If extra methods I've done are required, I can edit this post, but I am absolutely lost. (Just need a pointer in the right direction)
It's a little unclear what exactly is tripping you up (beyond "I've written a nice find method but am not allowed to use it."), so I think the best thing to do is start from the top.
I think you will find that once you get your data structured in just the right way, the actual algorithms will follow relatively easily (many computer science problems share this feature.)
You have three things:
1) Many linked lists, each of which contains the set of anagrams of some set of letters. I am assuming you can generate these lists as you need to.
2) A binary tree, that maps Strings (keys) to lists of anagrams generated from those strings. Again, I'm assuming that you are able to perform basic operations on these treed--adding elements, finding elements by key, etc.
3) A user-inputted String.
Insight: The anagrams of a group of letters form an equivalence class. This means that any member of an anagram list can be used as the key associated with the list. Furthermore, it means that you don't need to store in your tree multiple keys that point to the same list (provided that we are a bit clever about structuring our data; see below).

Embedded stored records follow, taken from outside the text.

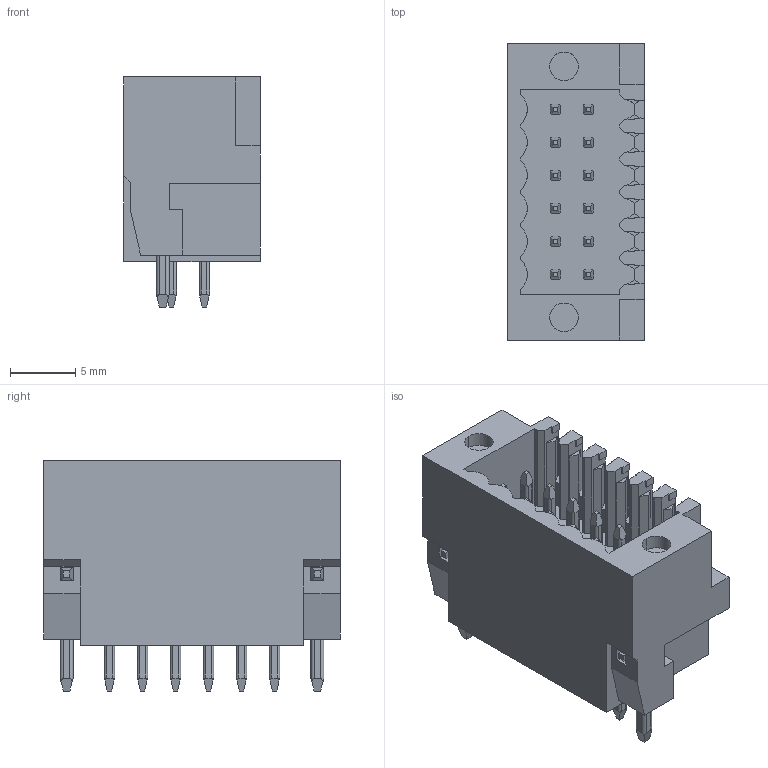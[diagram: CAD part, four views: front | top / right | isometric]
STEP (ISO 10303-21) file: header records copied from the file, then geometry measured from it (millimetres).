
FILE_DESCRIPTION((''),'2;1');
FILE_NAME('TLPHDW-020V','2024-10-17T08:30:45',('tluser'),(''),'CREO PARAMETRIC BY PTC INC, 2018100','CREO PARAMETRIC BY PTC INC, 2018100','');
FILE_SCHEMA(('CONFIG_CONTROL_DESIGN'));
Length unit declared in the file: millimetre
Products named in the file (1): TLPHDW-020V
Bounding box: 10.5 x 22.8 x 17.7 mm (x, y, z)
Volume: 2239.6 mm3; surface area: 2171 mm2
Topology: 1 solids, 1 shells, 542 faces, 1516 edges, 996 vertices
Faces by surface type: plane 422, cylinder 116, torus 4
Entity records: 17763 total; most frequent: CARTESIAN_POINT 4071, ORIENTED_EDGE 3032, DIRECTION 2516, EDGE_CURVE 1516, VECTOR 1176, LINE 1176, VERTEX_POINT 996, AXIS2_PLACEMENT_3D 670

In concrete terms, there is no need to have both "spot" and "opts" as keys in the tree pointing to the same list, because once you can find the list using any anagram of "spot", you get all the anagrams of "spot".

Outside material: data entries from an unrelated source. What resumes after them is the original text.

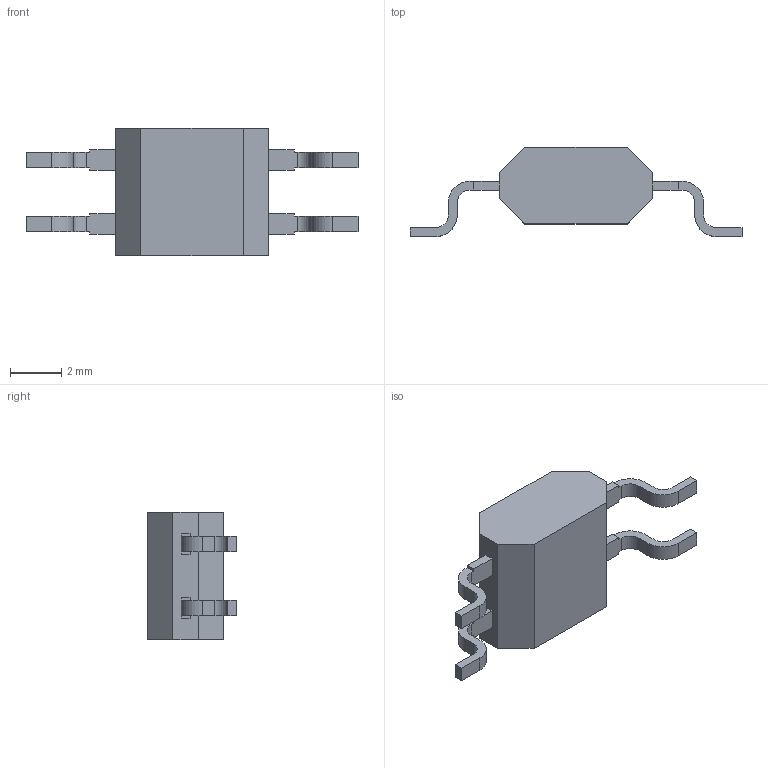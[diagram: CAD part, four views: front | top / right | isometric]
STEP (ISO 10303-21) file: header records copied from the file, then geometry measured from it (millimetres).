
FILE_DESCRIPTION(('STEP AP214'), '1');
FILE_NAME('äèîä_2ä906à1', '2019-06-05T11:43:43', ('user'), (''), 'ASCON STEP Converter 1.3', 'ASCON Math Kernel', '');
FILE_SCHEMA(('AUTOMOTIVE_DESIGN { 1 0 10303 214 3 1 1}'));
Length unit declared in the file: millimetre
Bounding box: 13 x 3.5 x 5 mm (x, y, z)
Volume: 84.3 mm3; surface area: 148 mm2
Topology: 1 solids, 1 shells, 78 faces, 216 edges, 144 vertices
Faces by surface type: plane 62, cylinder 16
Entity records: 3140 total; most frequent: CARTESIAN_POINT 439, ORIENTED_EDGE 432, DIRECTION 406, EDGE_CURVE 216, LINE 184, VECTOR 184, VERTEX_POINT 144, AXIS2_PLACEMENT_3D 111

Structuring your data cleverly: Given our insight, assume that our tree contains exactly one key for each unique set of anagrams. So "opts" maps to {"opts", "pots", "spot", etc.}. What happens if our user gives us a String that we're not using as the key for its set of anagrams? How do we figure out that if the user types "spot", we should find the list that is keyed by "opts"?
The answer is to normalize the data stored in our data structures. This is a computer-science-y way of saying that we enforce arbitrary rules about how we store the data. (Normalizing data is a useful technique that appears repeatedly in many different computer science domains.) The first rule is that we only ever have ONE key in our tree that maps to a given linked list. Second, what if we make sure that each key we actually store is predictable--that is we know that we should search for "opts" even if the user types "spot"?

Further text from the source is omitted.